House of Cards Is the Best Show Ever
I am no House of Cards fan. The about enthusiasm I've ever had for the show, in its ridiculous, operatic 4th flavor, might exist characterized as "grudging enjoyment." Terminal year, in its fifth flavour, I called it the most irresponsible show on television.
Then I empathize that I may not be the best judge of what House of Cards fans look for in the series. Simply all the same, I cannot imagine being a fan of the show, getting excited for the sixth and last season, watching season five'due south buildup to that sixth and final season, then sitting downward to lookout man and getting ... this.
Its viii episodes comprise a centerless, ham-handed kludge of a season, ane that keeps beating you over the caput with music and ACTING and plot twists to try to convince you everything that'southward happening is Important. And then information technology ends in a series finale that feels more than incomplete than anything since Dexter Morgan took to the woods to become a lumberjack.
To be fair to House of Cards, information technology wasn't supposed to exist similar this. Season six was already in production with original star Kevin Spacey when allegations that Spacey had sexually assaulted multiple men, some of them minors, led to his swift dismissal from the series.
And when you consider that the flavor had ever been fix as a final showdown between Spacey'southward Frank Underwood, the former president, and Robin Wright's Claire Underwood, Frank's wife and the electric current president, well, finding a way to stop House of Cards without Spacey must have induced a slight panic in the show's writers' room.
But whatever form that panic took, it has manifested in a season of television that is at least 75 percent about Frank Underwood, despite the fact that he never once appears. (He's been killed off-camera betwixt seasons, and the prove barely specifies what happened to him until its concluding scene.) It has manifested in a season of television where I oft couldn't discern basic character motivations beyond, "The plot needs them to do this." It has manifested in a season of television that feels like it was written the night before information technology was due.
To explain why House of Cards' final flavour is so terrible, I'm going to talk about the three ideas the series tries to build it around — and how they come up wanting. Just, naturally, I'g going to have to spoil some things. Stop reading now if you don't want to know!
Idea one: Claire vs. the patriarchy
House of Cards rouses itself to life a few times during the season, mostly by simultaneously celebrating and skewering white feminism. In these passages, Claire pits herself against the old boys' network, represented by the moneyed interests of new characters Annette and Bill Shepherd, simply also past essentially everybody else Claire butts heads with. (The Shepherds are a pair of siblings played past Greg Kinnear and Diane Lane, and they always feel like what they are — new characters dropped into a concluding season to goose the conflict.)
The scheme that Claire hatches to cement her own power in the face of this extremely vague opposition is ridiculous even by Business firm of Cards standards. First, she leans into the worst fears that misogynists have well-nigh a woman president by appearing hysterical and unable to command her emotions.

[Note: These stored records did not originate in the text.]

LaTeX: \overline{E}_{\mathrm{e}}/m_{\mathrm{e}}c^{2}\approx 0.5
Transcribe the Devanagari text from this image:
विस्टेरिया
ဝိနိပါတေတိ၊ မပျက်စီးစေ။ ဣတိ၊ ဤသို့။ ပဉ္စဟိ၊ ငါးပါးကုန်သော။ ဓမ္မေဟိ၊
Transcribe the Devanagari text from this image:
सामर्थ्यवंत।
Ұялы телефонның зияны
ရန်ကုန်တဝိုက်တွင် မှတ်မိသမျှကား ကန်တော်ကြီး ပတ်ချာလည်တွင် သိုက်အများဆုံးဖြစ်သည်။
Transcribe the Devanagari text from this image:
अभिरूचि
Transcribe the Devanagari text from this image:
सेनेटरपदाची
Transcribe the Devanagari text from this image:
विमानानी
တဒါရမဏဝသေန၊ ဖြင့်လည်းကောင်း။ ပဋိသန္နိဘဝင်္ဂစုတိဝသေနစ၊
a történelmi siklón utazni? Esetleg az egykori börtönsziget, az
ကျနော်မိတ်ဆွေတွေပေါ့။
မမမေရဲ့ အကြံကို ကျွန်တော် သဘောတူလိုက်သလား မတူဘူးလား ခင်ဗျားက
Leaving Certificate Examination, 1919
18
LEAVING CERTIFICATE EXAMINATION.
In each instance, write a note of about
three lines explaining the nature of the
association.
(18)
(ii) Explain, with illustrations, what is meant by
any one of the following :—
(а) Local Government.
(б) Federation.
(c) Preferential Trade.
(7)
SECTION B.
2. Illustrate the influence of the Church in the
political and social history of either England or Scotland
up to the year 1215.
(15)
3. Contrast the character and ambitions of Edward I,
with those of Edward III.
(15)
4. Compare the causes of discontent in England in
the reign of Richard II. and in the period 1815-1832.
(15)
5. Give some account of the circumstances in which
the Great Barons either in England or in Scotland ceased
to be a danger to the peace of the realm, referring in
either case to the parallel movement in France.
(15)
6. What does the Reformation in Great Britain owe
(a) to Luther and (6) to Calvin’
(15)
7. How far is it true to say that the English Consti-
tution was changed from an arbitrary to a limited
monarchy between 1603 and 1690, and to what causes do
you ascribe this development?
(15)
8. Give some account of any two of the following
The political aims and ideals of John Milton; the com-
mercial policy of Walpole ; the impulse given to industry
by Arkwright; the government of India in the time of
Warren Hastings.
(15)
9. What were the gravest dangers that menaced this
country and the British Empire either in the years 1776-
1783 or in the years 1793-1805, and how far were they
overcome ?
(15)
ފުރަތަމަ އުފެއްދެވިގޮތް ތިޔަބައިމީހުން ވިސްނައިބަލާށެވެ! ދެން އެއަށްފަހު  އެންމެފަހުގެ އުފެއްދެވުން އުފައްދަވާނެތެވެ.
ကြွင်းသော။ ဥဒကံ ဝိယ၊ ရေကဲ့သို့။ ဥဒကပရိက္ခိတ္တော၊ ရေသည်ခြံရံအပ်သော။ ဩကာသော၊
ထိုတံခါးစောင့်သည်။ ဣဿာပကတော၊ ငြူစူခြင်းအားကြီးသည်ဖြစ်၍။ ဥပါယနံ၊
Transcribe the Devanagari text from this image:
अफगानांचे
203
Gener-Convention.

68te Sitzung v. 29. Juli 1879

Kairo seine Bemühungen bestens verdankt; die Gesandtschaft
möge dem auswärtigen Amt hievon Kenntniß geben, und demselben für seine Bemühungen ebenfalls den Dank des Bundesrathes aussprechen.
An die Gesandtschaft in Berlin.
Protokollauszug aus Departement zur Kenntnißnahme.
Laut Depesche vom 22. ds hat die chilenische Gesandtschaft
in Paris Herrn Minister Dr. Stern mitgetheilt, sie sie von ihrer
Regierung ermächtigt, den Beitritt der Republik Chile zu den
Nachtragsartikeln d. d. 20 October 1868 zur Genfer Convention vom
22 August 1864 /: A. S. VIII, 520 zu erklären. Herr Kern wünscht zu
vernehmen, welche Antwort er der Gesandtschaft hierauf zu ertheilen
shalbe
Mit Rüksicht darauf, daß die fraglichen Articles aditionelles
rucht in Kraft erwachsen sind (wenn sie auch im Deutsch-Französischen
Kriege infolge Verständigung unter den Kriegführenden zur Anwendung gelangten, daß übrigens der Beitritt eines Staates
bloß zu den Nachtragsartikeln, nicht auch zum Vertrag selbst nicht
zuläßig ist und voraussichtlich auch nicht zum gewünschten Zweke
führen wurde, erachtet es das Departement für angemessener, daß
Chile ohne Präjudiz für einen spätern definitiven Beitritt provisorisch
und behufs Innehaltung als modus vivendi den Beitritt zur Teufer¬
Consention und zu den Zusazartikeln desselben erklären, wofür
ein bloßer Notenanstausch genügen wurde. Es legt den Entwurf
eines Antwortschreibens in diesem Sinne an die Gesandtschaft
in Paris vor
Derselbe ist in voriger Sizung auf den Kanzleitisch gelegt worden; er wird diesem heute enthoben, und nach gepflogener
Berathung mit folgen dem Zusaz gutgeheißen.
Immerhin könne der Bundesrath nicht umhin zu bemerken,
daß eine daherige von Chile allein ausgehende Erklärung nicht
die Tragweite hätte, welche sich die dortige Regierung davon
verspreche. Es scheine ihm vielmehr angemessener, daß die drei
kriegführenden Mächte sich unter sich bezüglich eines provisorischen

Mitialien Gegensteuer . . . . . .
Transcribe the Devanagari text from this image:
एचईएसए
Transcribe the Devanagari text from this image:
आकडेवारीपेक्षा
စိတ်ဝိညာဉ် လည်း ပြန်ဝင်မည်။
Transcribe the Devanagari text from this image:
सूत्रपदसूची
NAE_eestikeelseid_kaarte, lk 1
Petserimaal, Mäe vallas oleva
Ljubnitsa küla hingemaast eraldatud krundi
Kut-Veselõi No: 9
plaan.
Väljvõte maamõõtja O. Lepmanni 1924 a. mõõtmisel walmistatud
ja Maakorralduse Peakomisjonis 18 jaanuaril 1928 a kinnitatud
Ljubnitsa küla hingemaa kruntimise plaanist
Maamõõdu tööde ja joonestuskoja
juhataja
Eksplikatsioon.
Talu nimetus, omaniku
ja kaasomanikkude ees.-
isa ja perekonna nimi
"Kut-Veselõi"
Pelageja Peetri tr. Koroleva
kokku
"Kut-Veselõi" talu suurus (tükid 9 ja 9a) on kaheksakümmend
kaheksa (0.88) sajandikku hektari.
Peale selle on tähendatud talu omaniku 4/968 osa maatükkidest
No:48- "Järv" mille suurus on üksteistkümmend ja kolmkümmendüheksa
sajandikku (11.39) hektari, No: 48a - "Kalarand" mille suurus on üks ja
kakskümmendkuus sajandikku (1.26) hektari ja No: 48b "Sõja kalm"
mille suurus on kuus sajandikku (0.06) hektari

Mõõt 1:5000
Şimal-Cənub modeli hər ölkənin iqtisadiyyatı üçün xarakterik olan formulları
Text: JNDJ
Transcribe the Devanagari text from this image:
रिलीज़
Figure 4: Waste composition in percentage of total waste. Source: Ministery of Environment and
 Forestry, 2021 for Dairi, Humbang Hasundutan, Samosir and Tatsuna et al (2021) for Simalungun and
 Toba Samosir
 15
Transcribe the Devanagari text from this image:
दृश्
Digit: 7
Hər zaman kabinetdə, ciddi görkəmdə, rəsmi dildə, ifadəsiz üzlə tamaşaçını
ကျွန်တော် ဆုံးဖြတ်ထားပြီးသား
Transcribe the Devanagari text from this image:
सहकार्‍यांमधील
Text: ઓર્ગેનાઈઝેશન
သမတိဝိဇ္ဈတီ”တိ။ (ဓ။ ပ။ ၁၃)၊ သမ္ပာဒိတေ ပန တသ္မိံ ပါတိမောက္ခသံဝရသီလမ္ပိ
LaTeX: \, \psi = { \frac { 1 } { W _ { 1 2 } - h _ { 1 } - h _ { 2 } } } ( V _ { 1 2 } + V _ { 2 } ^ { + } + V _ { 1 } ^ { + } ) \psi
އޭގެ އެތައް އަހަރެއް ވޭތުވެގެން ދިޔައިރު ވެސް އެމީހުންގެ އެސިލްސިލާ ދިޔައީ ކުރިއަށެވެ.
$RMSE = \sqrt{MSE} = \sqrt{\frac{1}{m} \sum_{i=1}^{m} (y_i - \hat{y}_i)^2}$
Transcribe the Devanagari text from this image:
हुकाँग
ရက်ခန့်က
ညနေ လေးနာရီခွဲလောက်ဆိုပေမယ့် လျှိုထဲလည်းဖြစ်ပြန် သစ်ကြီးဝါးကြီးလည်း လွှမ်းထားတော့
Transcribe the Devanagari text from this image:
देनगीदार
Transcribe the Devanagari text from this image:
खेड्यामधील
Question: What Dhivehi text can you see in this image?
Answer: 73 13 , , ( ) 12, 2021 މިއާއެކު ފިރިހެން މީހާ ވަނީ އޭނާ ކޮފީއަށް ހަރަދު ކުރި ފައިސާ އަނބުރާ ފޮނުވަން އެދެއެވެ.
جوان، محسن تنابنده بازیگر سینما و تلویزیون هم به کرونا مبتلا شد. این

Then when her enemies endeavour to push her out of the presidency via the 25th Amendment, she suggests that her vice president is in cahoots with Russia to instead punish anybody who's trying to get her removed from office and curry favor with the American public. (It's not explained how, exactly, she convinces everybody information technology's okay that she completely disappeared from the public eye for several weeks, seemingly in the grips of a horrible depressive episode.)
The raw idea that Claire has to somehow interruption the patriarchy'due south back to have any risk at success isn't a bad idea to build the final season around. Indeed, some of the season'southward all-time material stems from Claire'southward apparent belief that other women will get in line backside her simply because she's a woman, when many of those women can see that Claire is duplicitous and amoral and possibly not someone they want to sell their souls to. It's nearly a fascinating dissection of pop feminism, of the thought that something is feminist solely because it centers on a "strong adult female," no thing what other values it peddles.
But, alas, information technology is only "nearly." By the fourth dimension the last three episodes roll around, House of Cards' final flavour has abruptly buried itself in a whole host of weird, borderline anti-feminist tropes. Claire reveals herself to be pregnant with Frank'southward baby, in order to hold on to his fortune (which he patently tried to leave to his longtime right-manus man Doug Stamper), and the show behaves as though it thinks viewers will plough against Claire swiftly as the season comes to a close, when its earlier episodes built her upward somewhat successfully as a lone woman holding her ground against the hurricane.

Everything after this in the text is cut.